EXERCISE PROMPT
Please repeat the whole listing exactly, but leave out any picture it holds.

══════════════════════════════

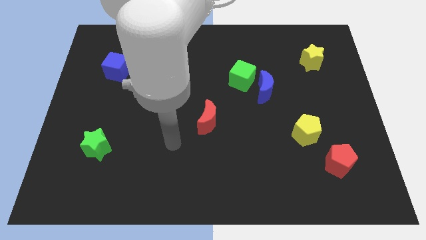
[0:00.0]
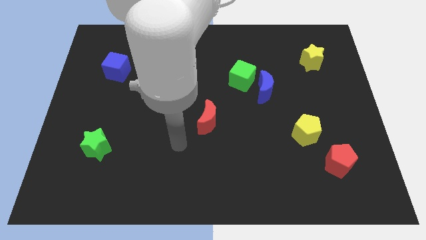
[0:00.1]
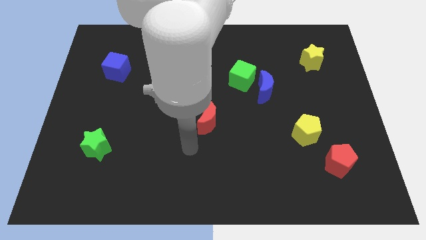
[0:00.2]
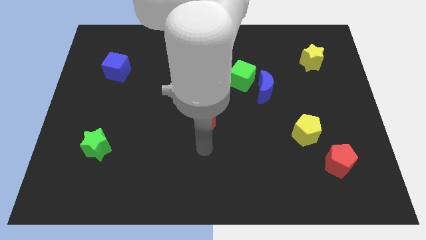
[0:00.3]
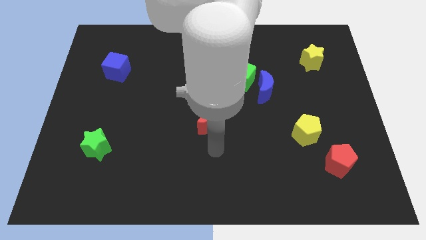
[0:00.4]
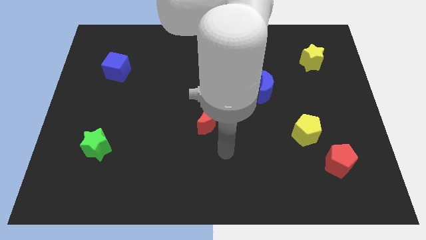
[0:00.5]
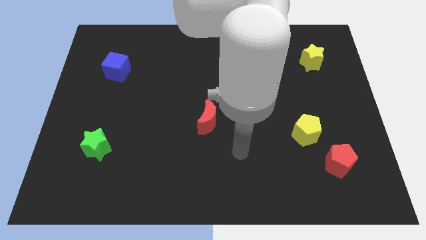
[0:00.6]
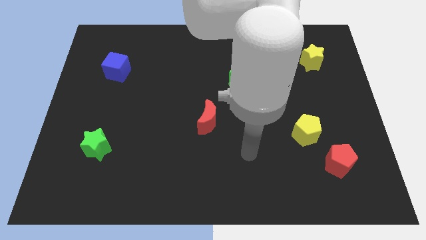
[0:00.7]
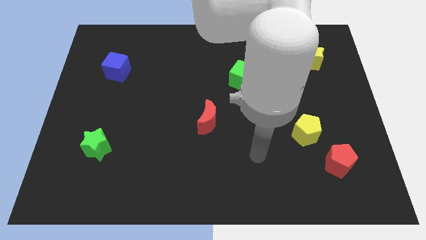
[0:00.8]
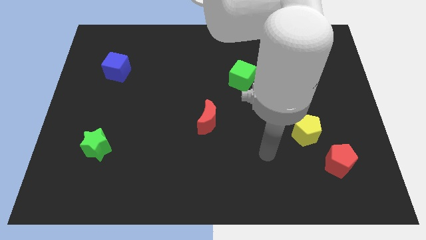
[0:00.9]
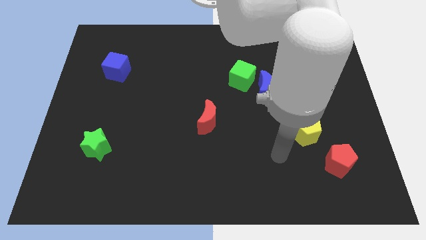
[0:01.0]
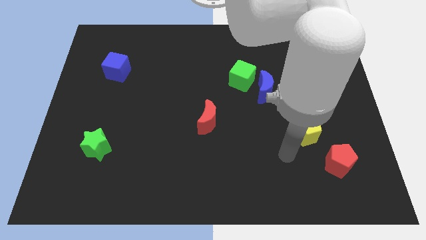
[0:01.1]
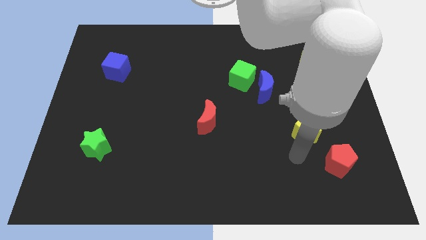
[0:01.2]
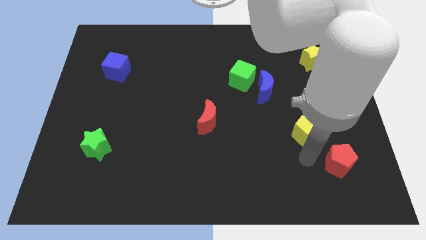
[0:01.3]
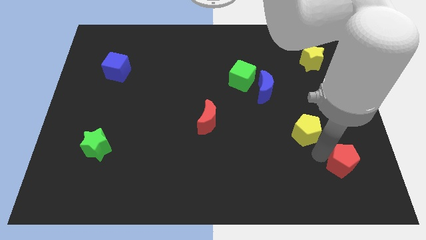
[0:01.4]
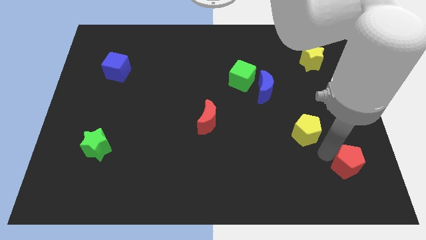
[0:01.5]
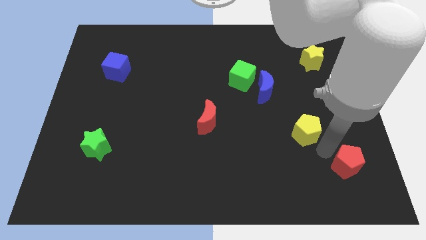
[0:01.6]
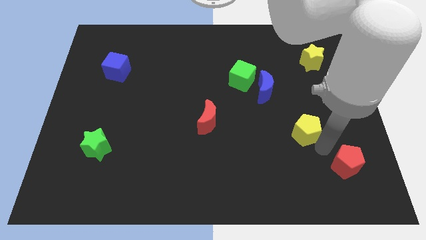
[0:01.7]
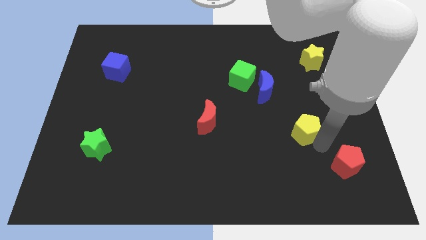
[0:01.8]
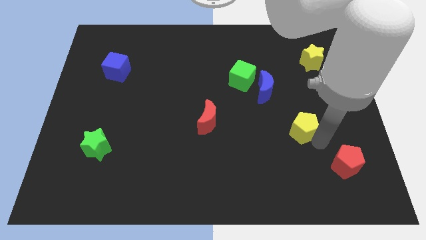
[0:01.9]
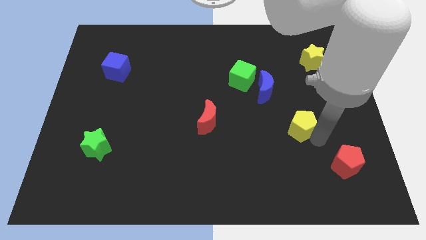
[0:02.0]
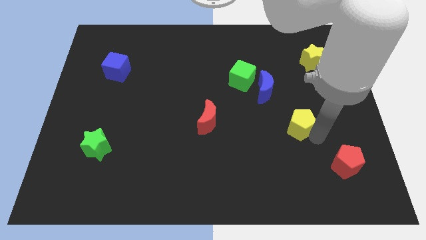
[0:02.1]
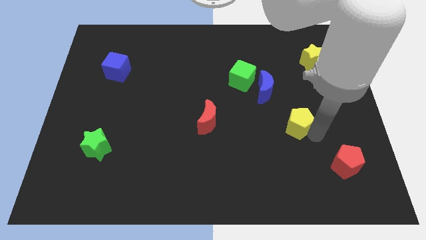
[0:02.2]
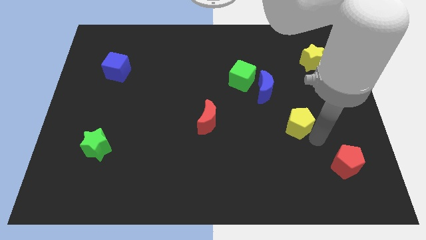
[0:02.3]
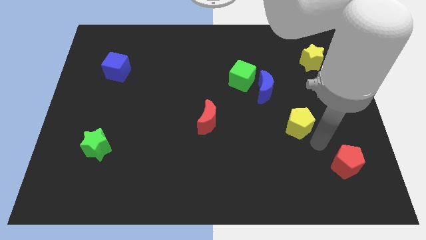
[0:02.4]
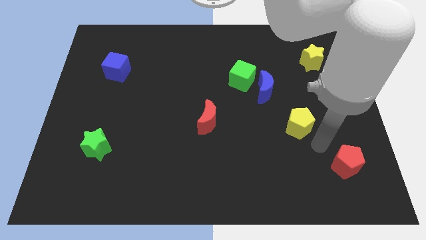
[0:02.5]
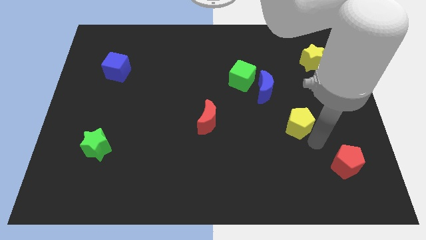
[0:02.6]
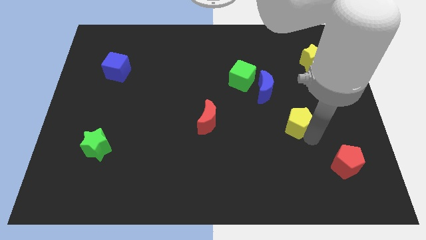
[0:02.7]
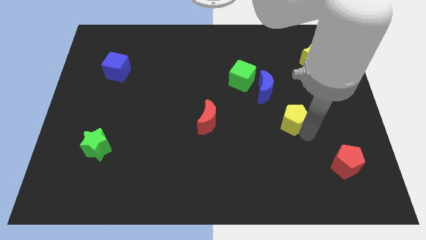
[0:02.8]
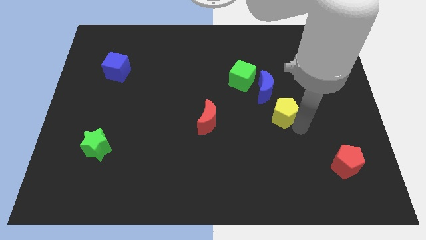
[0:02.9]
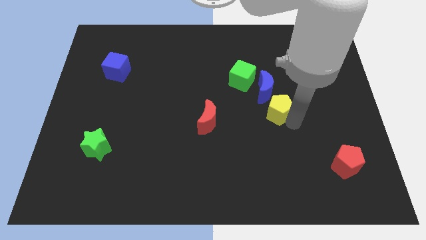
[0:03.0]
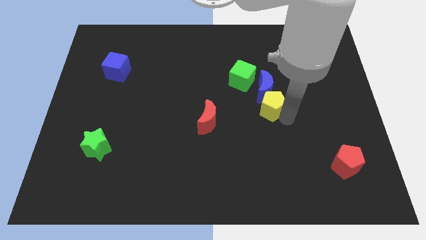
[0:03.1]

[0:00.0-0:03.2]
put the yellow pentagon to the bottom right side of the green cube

══════════════════════════════

ANSWER SPACE
[0:00.0]
[0:00.1]
[0:00.2]
[0:00.3]
[0:00.4]
[0:00.5]
[0:00.6]
[0:00.7]
[0:00.8]
[0:00.9]
[0:01.0]
[0:01.1]
[0:01.2]
[0:01.3]
[0:01.4]
[0:01.5]
[0:01.6]
[0:01.7]
[0:01.8]
[0:01.9]
[0:02.0]
[0:02.1]
[0:02.2]
[0:02.3]
[0:02.4]
[0:02.5]
[0:02.6]
[0:02.7]
[0:02.8]
[0:02.9]
[0:03.0]
[0:03.1]

[0:00.0-0:03.2]
put the yellow pentagon to the bottom right side of the green cube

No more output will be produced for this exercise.